Most Swiss cheeses are best appreciated soft and warm. The croute au fromage is a rustic lunch of sliced toast and ham smothered with melted cheese, and if you like, a fried egg. It is a deep dish version of croque monsieur. The raclette holds a special place at the Swiss table. A half wheel of cheese is heated near the fire, or under a special grill, and scraped from the rind, served with warm, boiled potatoes, pickled vegetables, a few turns of the pepper mill, and a few glasses of the local fendant.

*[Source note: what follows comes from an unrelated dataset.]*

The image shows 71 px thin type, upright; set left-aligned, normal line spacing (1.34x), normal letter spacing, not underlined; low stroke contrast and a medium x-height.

Undoubtedly, the quintessential cheese preparation is fondue au fromage. Fondue is served over a flame in a glazed earthenware or metal casserole called a caquelon. Grated cheeses are melted with white wine, garlic and kirsch, and eaten with skewers of cubed country bread, which you dip into the molten cheese and pop in the mouth while piping hot. The cheeses used are usually a blend of two or three, gruyere and vacherin, with additions of appenzell or bagnes according to your taste. The age and ripeness of the cheese is crucial to obtain the necessary smoothness in melting.

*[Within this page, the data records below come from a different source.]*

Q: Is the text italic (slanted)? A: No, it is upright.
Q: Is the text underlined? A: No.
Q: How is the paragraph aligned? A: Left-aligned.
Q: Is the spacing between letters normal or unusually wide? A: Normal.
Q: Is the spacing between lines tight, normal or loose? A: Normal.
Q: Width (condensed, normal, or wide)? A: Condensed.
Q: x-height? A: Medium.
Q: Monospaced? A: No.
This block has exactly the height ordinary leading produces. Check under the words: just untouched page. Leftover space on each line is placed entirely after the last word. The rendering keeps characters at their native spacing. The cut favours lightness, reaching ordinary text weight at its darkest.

After the cheese has been devoured, there is often a brownish orange crust of caramelized cheese on the bottom of the caquelon. This is not some dreaded dishwashing chore, but the coveted pinnacle of the fondue experience. Use the skewer to peel the crust from the pot, and enjoy the slightly chewy, deep rich caramel snack the Swiss call the religieuse. It is named after the color of a nun's handmade garments, which it resembles, or perhaps the reverence with which it is eaten.